Sorry to differ, but accordingly to physics, a cooler mass (a pan) cannot transfer energy (heat) to a warmer mass (water). The pan must be at or above 100⁰C for water to boil.
As has been said, the transfer of heat is through the base of the pan. It's the touchable sides of the pan that will usually be appreciably below the temp of its contents.

Kind Regards, John
 
Surely you would turn it off on the front
That would certainly be a safer option! However, depending of the nature/location of the fault/problem, that might not cure it.

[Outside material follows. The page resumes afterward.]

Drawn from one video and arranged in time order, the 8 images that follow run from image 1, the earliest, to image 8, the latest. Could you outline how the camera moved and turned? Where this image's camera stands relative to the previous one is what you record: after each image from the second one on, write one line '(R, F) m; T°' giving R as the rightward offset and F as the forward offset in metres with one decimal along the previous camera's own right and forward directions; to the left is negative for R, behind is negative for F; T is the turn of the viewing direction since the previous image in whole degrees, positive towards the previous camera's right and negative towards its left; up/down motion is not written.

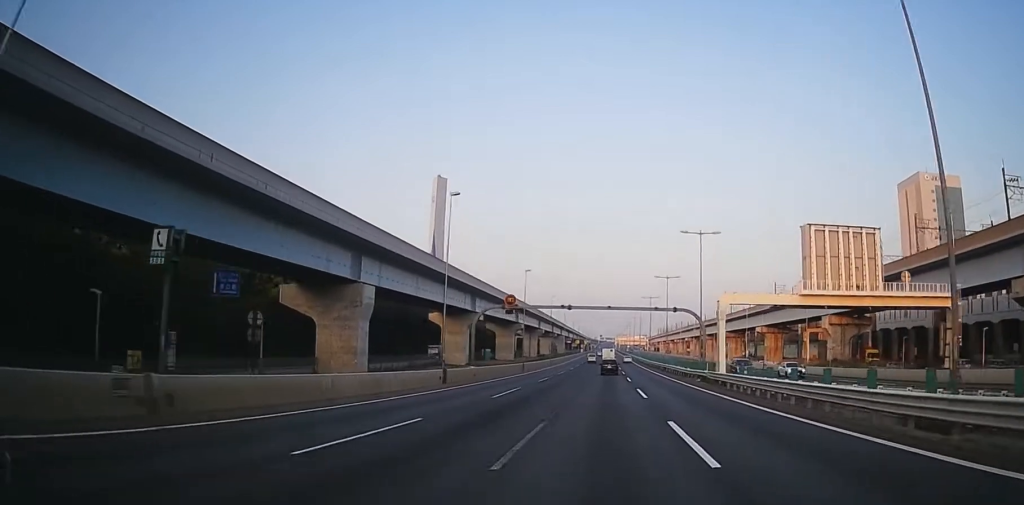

Indeed, if the cooker were 'in flames', then even successfully switching off the appliance itself would not prevent it's flex being at risk from the flames.

Kind Regards, John
 
Surely you would turn it off on the front

Normally you would, but in an emergency, possibly the front controls might not work and a quicker, single action way is to turn everything off at one switch - which needs to be really accessible - without reaching over a hob/cooker.
 
Normally you would, but in an emergency, possibly the front controls might not work and a quicker, single action way is to turn everything off at one switch - which needs to be really accessible - without reaching over a hob/cooker.
Indeed - but, in factice, a very high proportion of such switches I've seen have been too close to the hob/cooker to be useful/usable if the appliance were 'in flames' (or 'live').

Kind Regards, John
 
Normally you would, but in an emergency, possibly the front controls might not work and a quicker, single action way is to turn everything off at one switch - which needs to be really accessible - without reaching over a hob/cooker.
Yes but its a gas cooker
 
In this case (a gas cooker) Turing off the power supply in an emergency would be pointless.
I’d be wanting to isolate the gas supply, and that gas tap will be usually
- usefully- located behind the blazing inferno.
 
In this case (a gas cooker) Turing off the power supply in an emergency would be pointless.
I’d be wanting to isolate the gas supply, and that gas tap will be usually
- usefully- located behind the blazing inferno.

No, the individual gas taps are located at the front - if it were a blazing inferno I would be out and isolating the gas at the meter, picking the key up on the way out.